Home health is considered intermittent short-term care.

"We initially admit and certify the patient for a 60-day period. Toward the end of that 60 days, we go in and reevaluate the patient to see if they need care for another 60 days. ... As long as we can show the insurance company (in most cases Medicare) that there is a need and that the patient is eligible," Pelovsky said.

Sometimes patients can be on home health care for years, O'Connor said. Wound care (also called bed sores) is an example of this.

"It is not because the patient lies in bed all the time, but because the skin is so transparent and thin."

HHS can provide important education concerning diet and medication interaction for newly diagnosed diabetics.

"Some people with a new diagnosis get very confused," O'Connor said.

"I've worked with the geriatric population here in Payson for 20 years.

"It is a proven fact that patients recover better, faster and more completely if they are in their own home environment.
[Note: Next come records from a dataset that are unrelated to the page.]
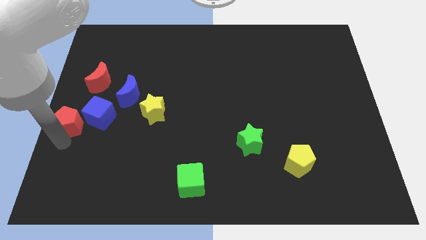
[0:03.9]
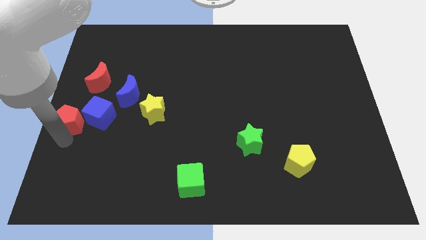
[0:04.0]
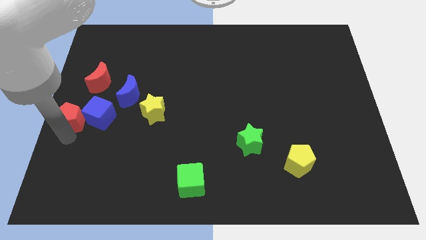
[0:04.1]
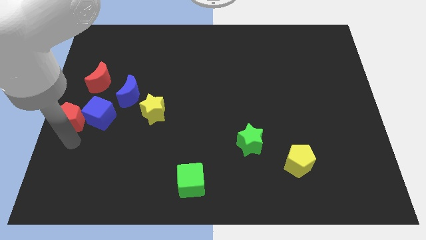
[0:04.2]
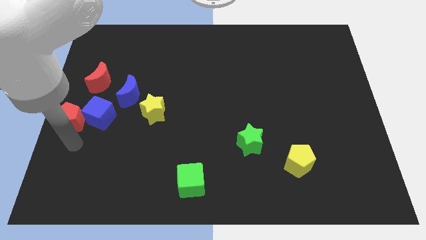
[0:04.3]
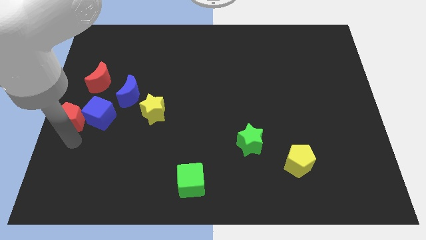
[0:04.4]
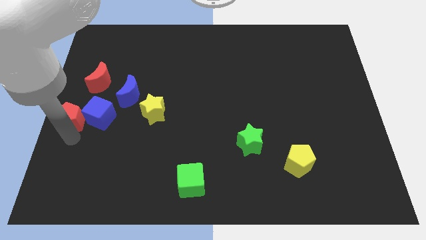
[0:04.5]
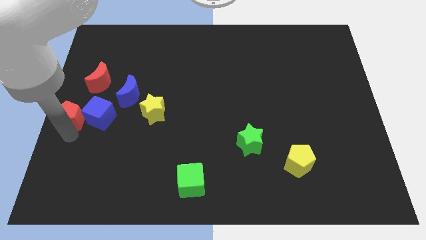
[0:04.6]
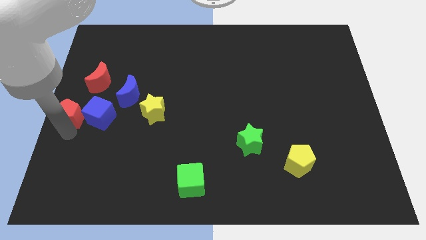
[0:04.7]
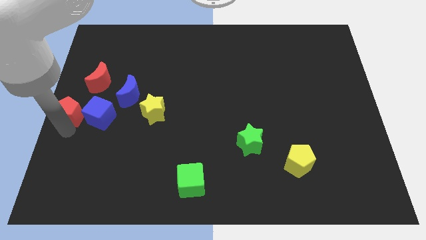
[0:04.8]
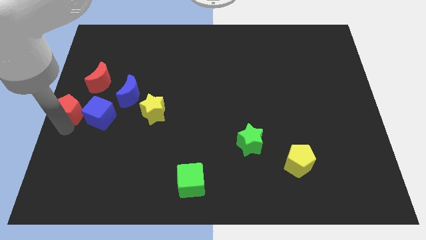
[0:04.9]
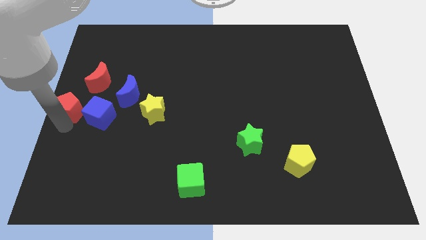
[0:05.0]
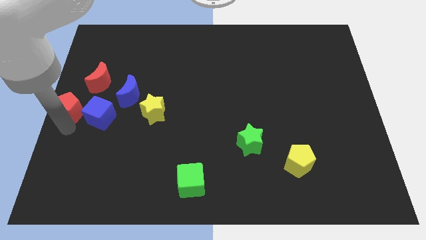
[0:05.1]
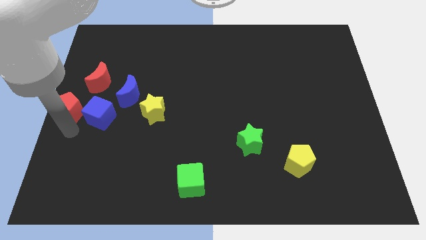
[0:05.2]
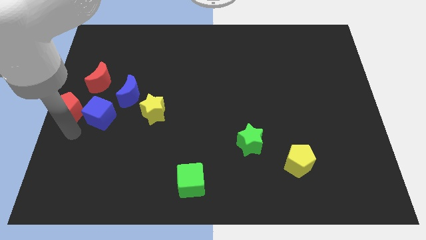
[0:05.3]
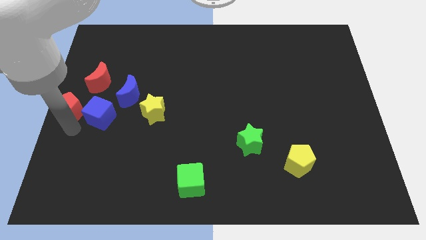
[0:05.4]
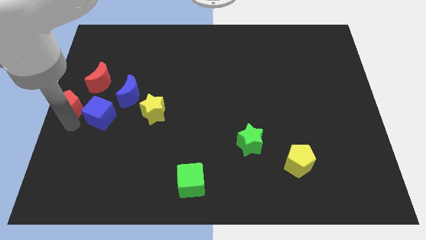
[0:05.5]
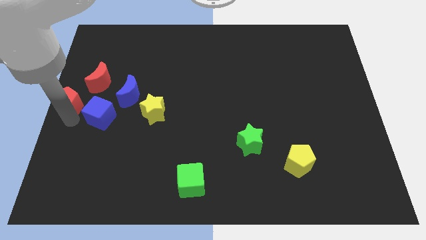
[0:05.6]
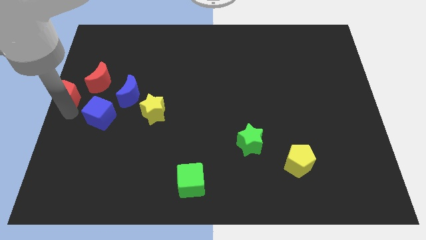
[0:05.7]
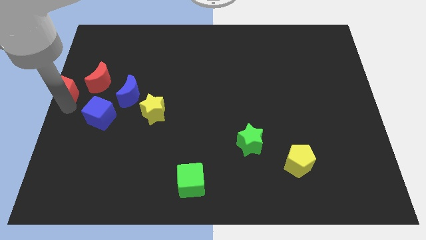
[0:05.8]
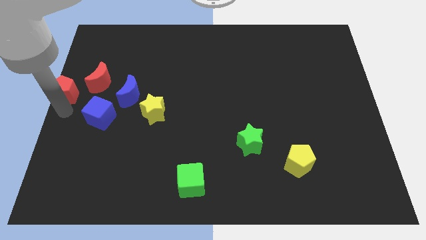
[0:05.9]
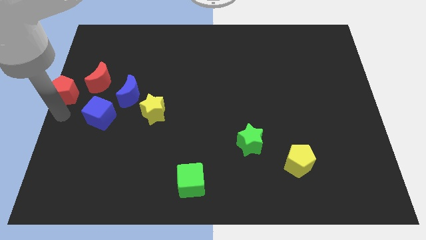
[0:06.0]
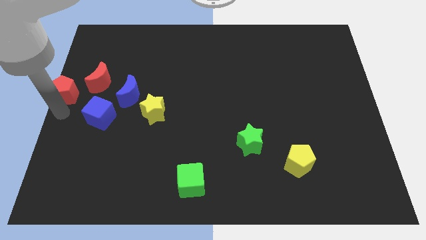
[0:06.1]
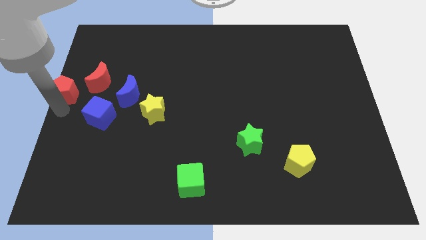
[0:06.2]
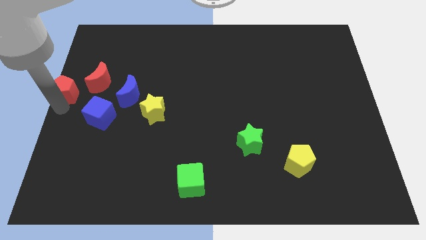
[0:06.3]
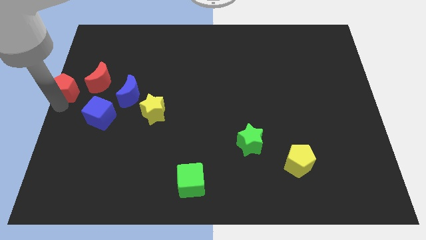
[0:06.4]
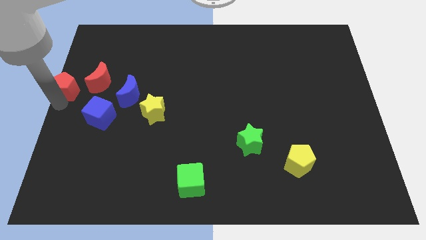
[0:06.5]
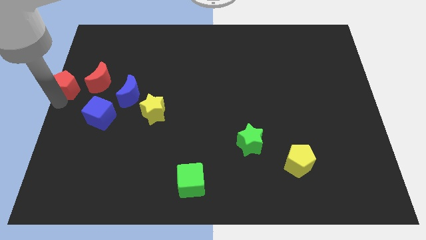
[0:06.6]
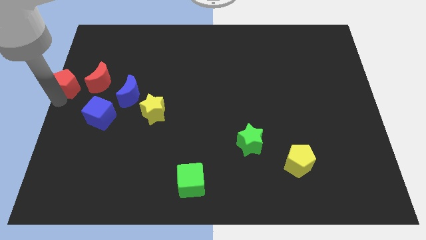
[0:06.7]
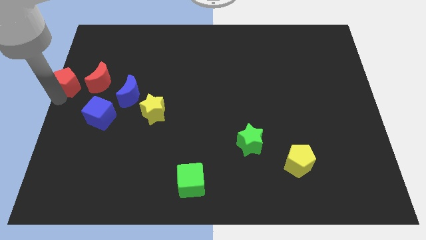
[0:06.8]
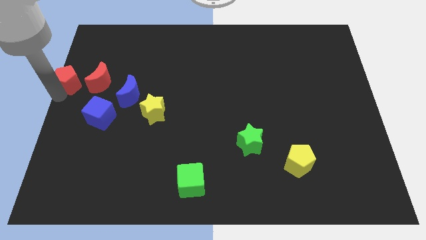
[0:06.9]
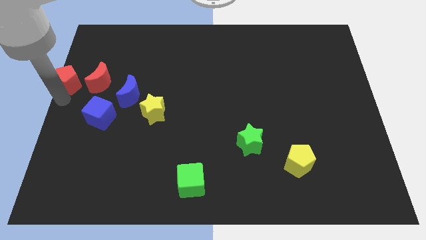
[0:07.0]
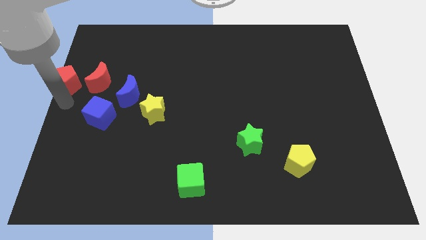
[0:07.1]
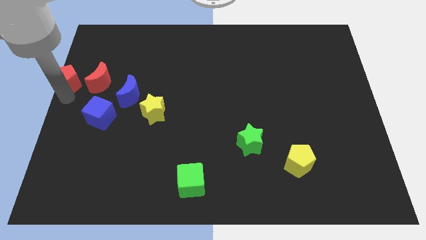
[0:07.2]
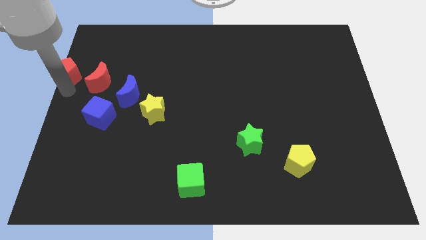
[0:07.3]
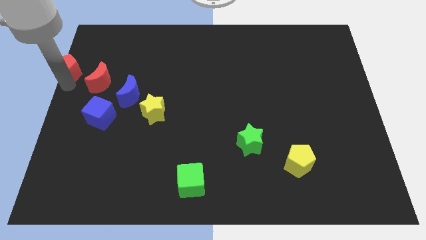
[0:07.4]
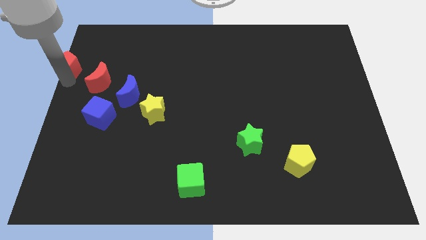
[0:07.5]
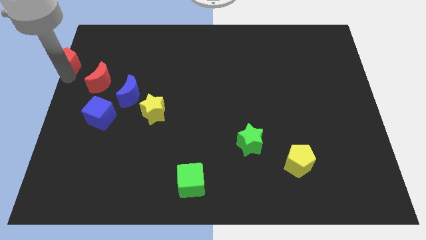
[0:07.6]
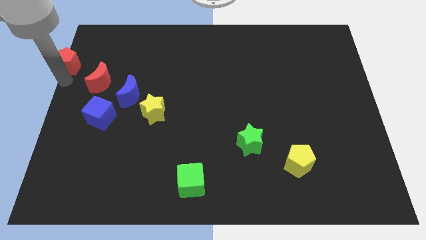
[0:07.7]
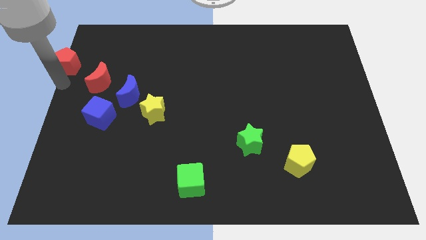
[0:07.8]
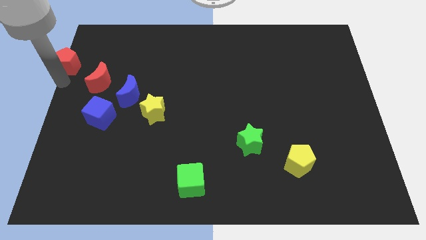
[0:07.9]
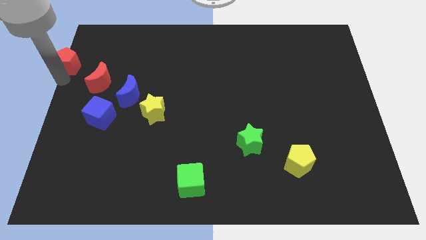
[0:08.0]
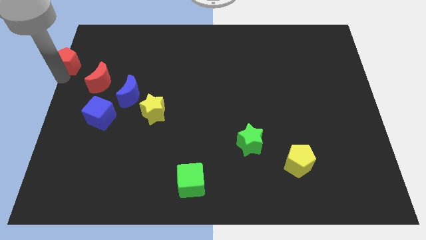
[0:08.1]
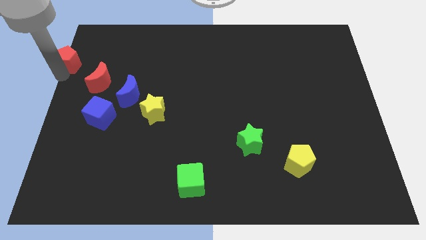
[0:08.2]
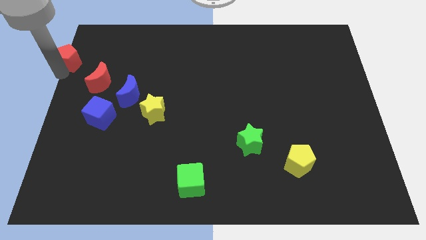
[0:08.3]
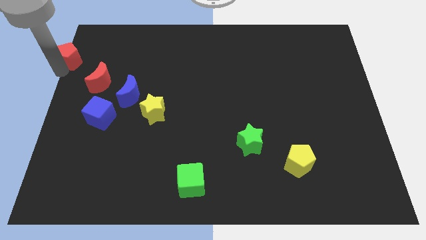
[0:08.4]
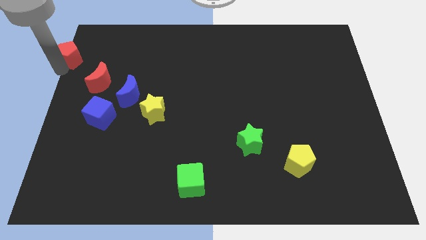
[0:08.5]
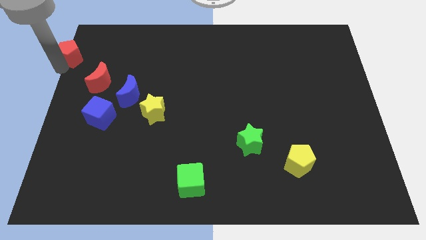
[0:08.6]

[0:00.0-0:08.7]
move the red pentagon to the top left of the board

There is less stress. They are more at ease."

O'Connor said attitude is an amazing factor in the healing process, citing terminal cancer patients she has seen go into remission because of their attitude and quality of life at home.

A joint 2004 study by the National Institute of Health and the National Institute of Nursing Research agree.

In a study of elderly heart failure patients in six Philadelphia hospitals, a study found that home health versus repeated hospital admissions saved 37.6 percent, or $4,845 over a 12-month period.

RCHRC is taking applications for its eight rentals, and there is a waiting list.

Pelovsky said the good news is that managing owner Phil Eyring views the $25,000 retrofit as a good investment for the company and the community, and wants to remodel more units.